Expand the userfaultfd_register/unregister routines to allow VM_HUGETLB
vmas.  huge page alignment checking is performed after a VM_HUGETLB vma is
encountered.

Also, since there is no UFFDIO_ZEROPAGE support for huge pages do not
return that as a valid ioctl method for huge page ranges.

Link: http://lkml.kernel.org/r/20161216144821.5183-22-aarcange@xxxxxxxxxx
Signed-off-by: Mike Kravetz <mike.kravetz@xxxxxxxxxx>
Signed-off-by: Andrea Arcangeli <aarcange@xxxxxxxxxx>
Cc: "Dr.

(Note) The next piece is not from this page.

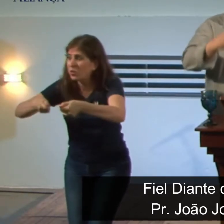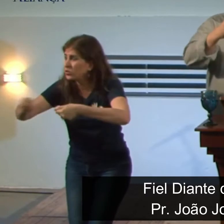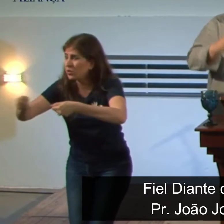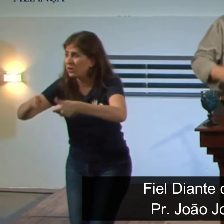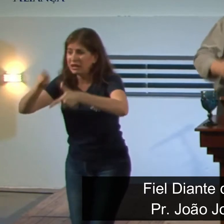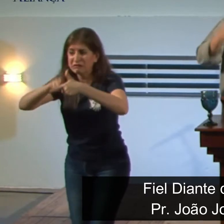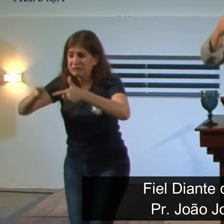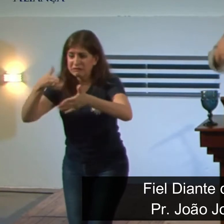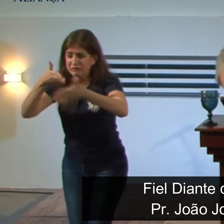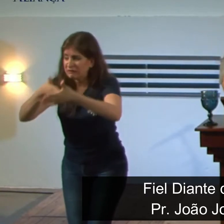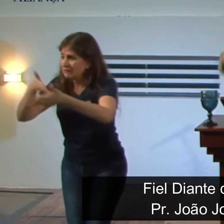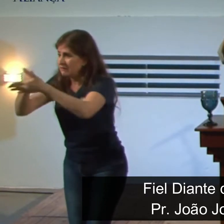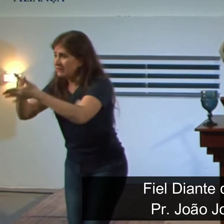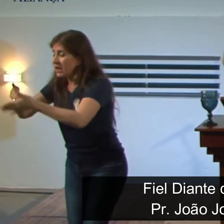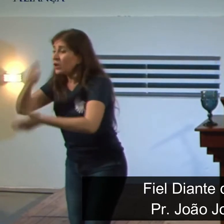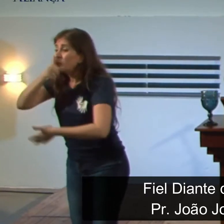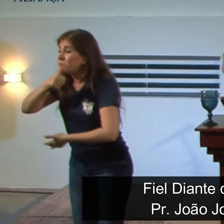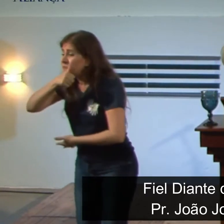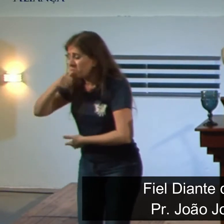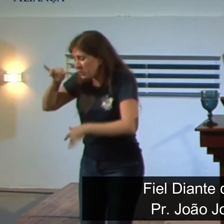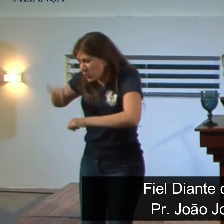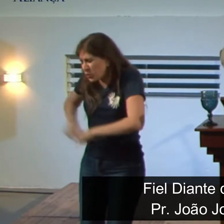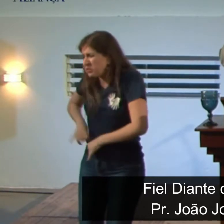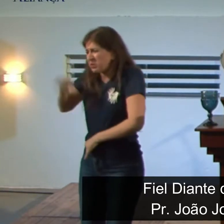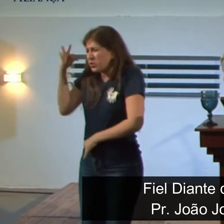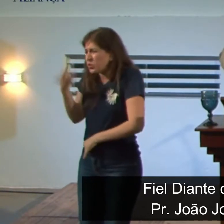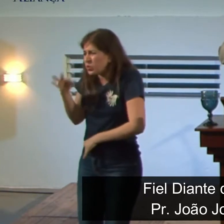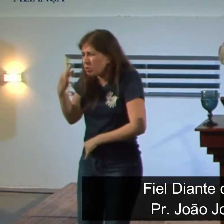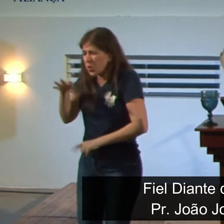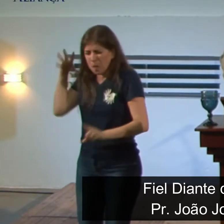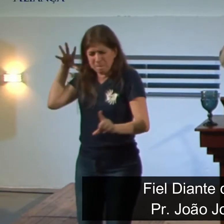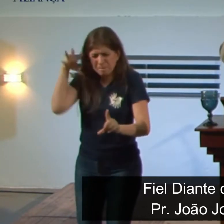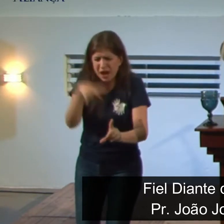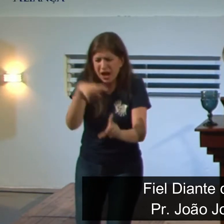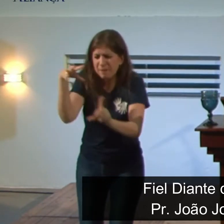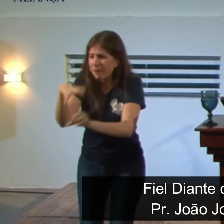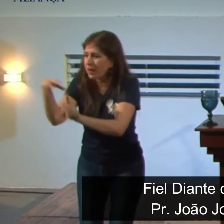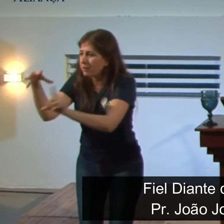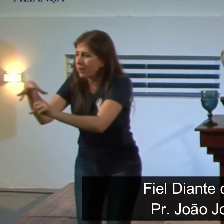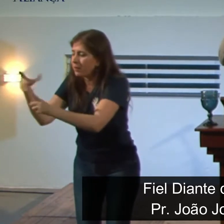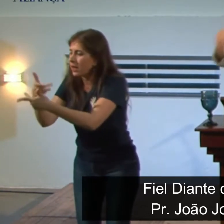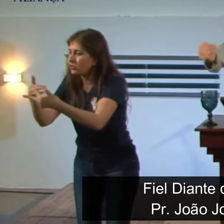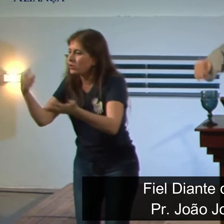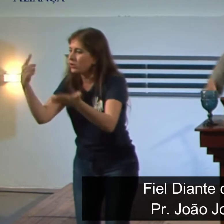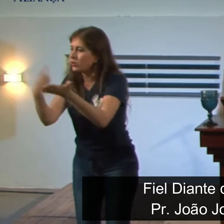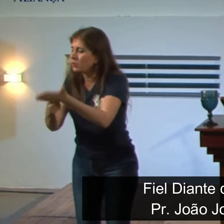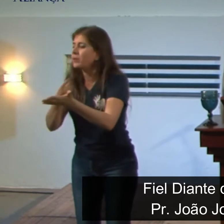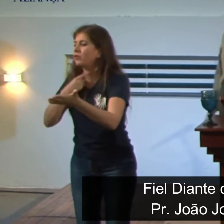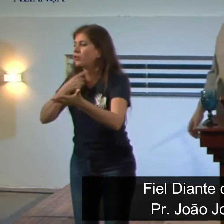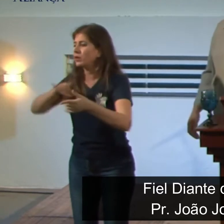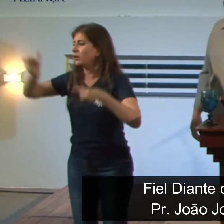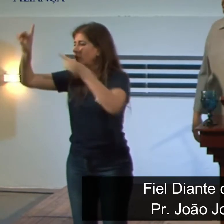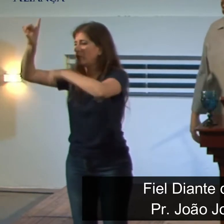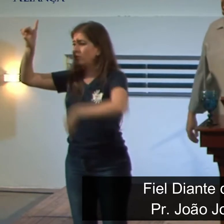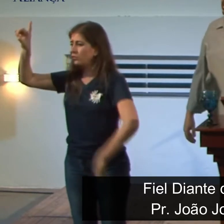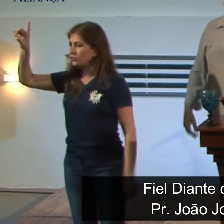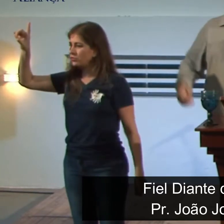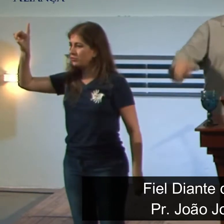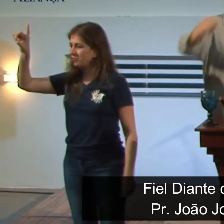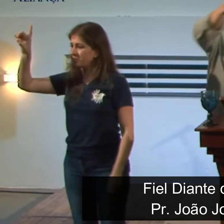nos mostra que todos os sofrimentos infligidos ao povo de Deus culminaram para o cumprimento do propósito divino.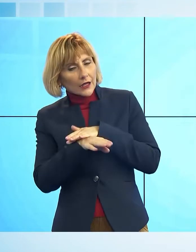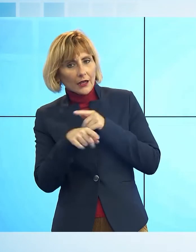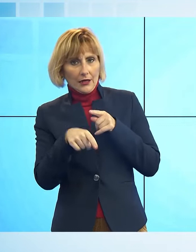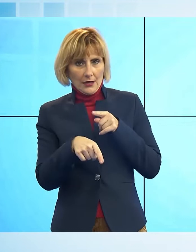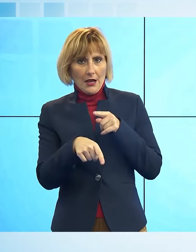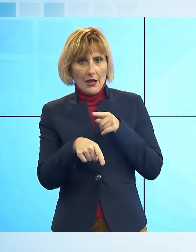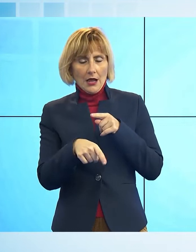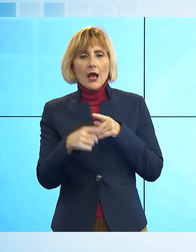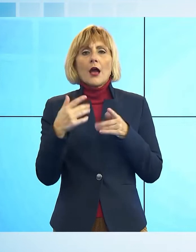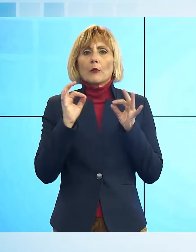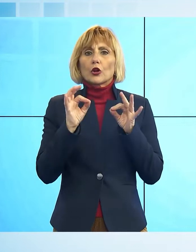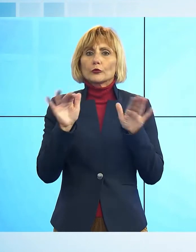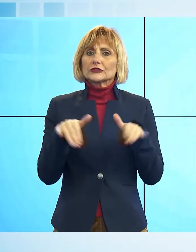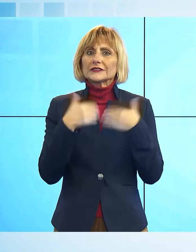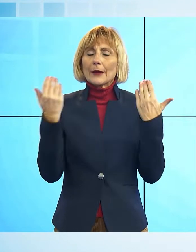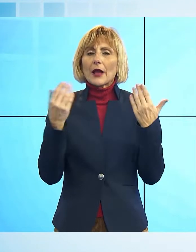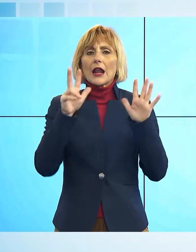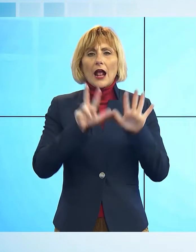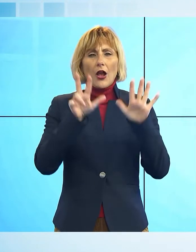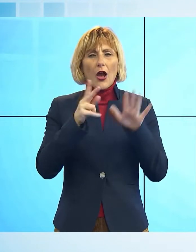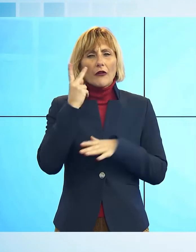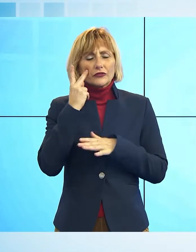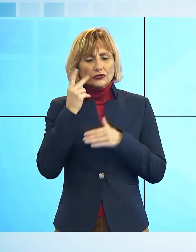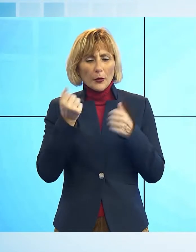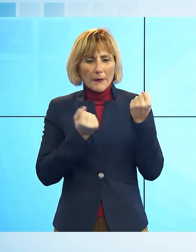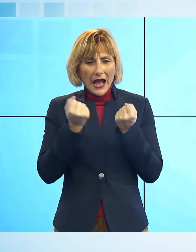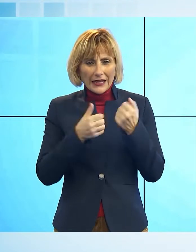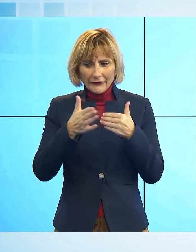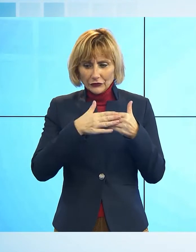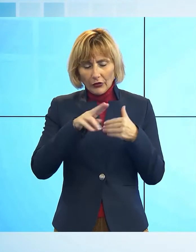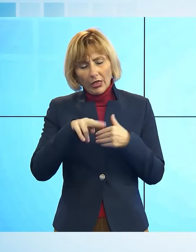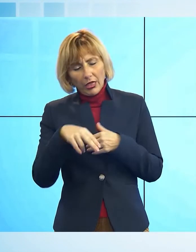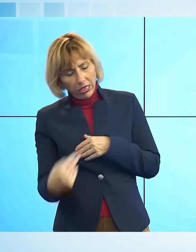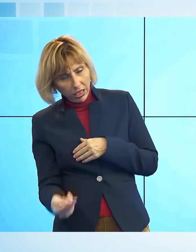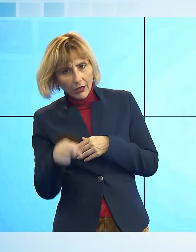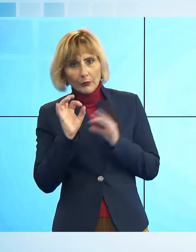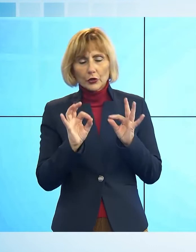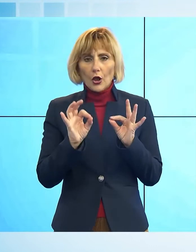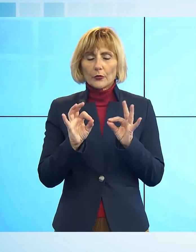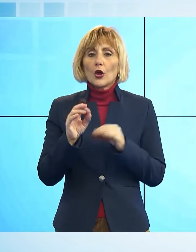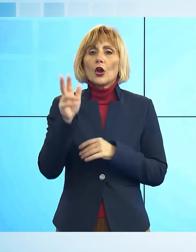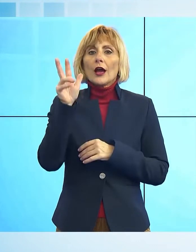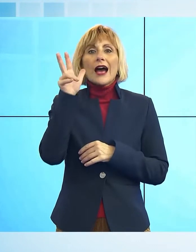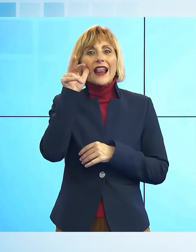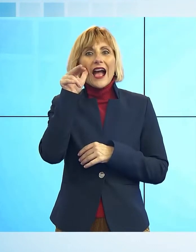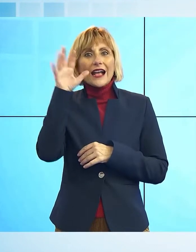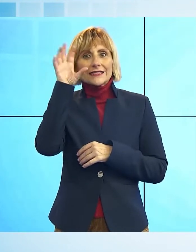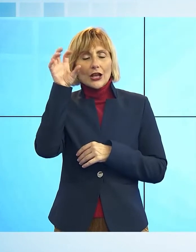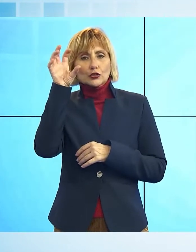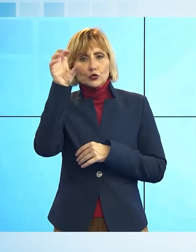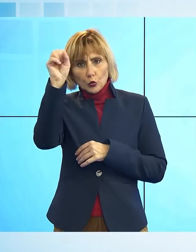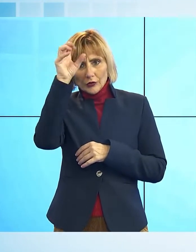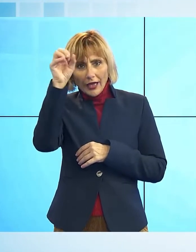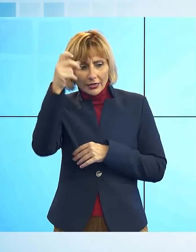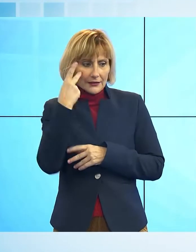è stato visto accacciarsi a terra vicino alla vettura da una studentessa che andava a scuola e sono stati allertati i soccorsi,

David Alan Gilbert" <dgilbert@xxxxxxxxxx>
Cc: Hillf Danton <hillf.zj@xxxxxxxxxxxxxxx>
Cc: Michael Rapoport <RAPOPORT@xxxxxxxxxx>
Cc: Mike Rapoport <rppt@xxxxxxxxxxxxxxxxxx>
Cc: Pavel Emelyanov <xemul@xxxxxxxxxxxxx>
Signed-off-by: Andrew Morton <akpm@xxxxxxxxxxxxxxxxxxxx>
---

 fs/userfaultfd.c                 |   55 ++++++++++++++++++++++++++---
 include/uapi/linux/userfaultfd.h |    3 +
 2 files changed, 53 insertions(+), 5 deletions(-)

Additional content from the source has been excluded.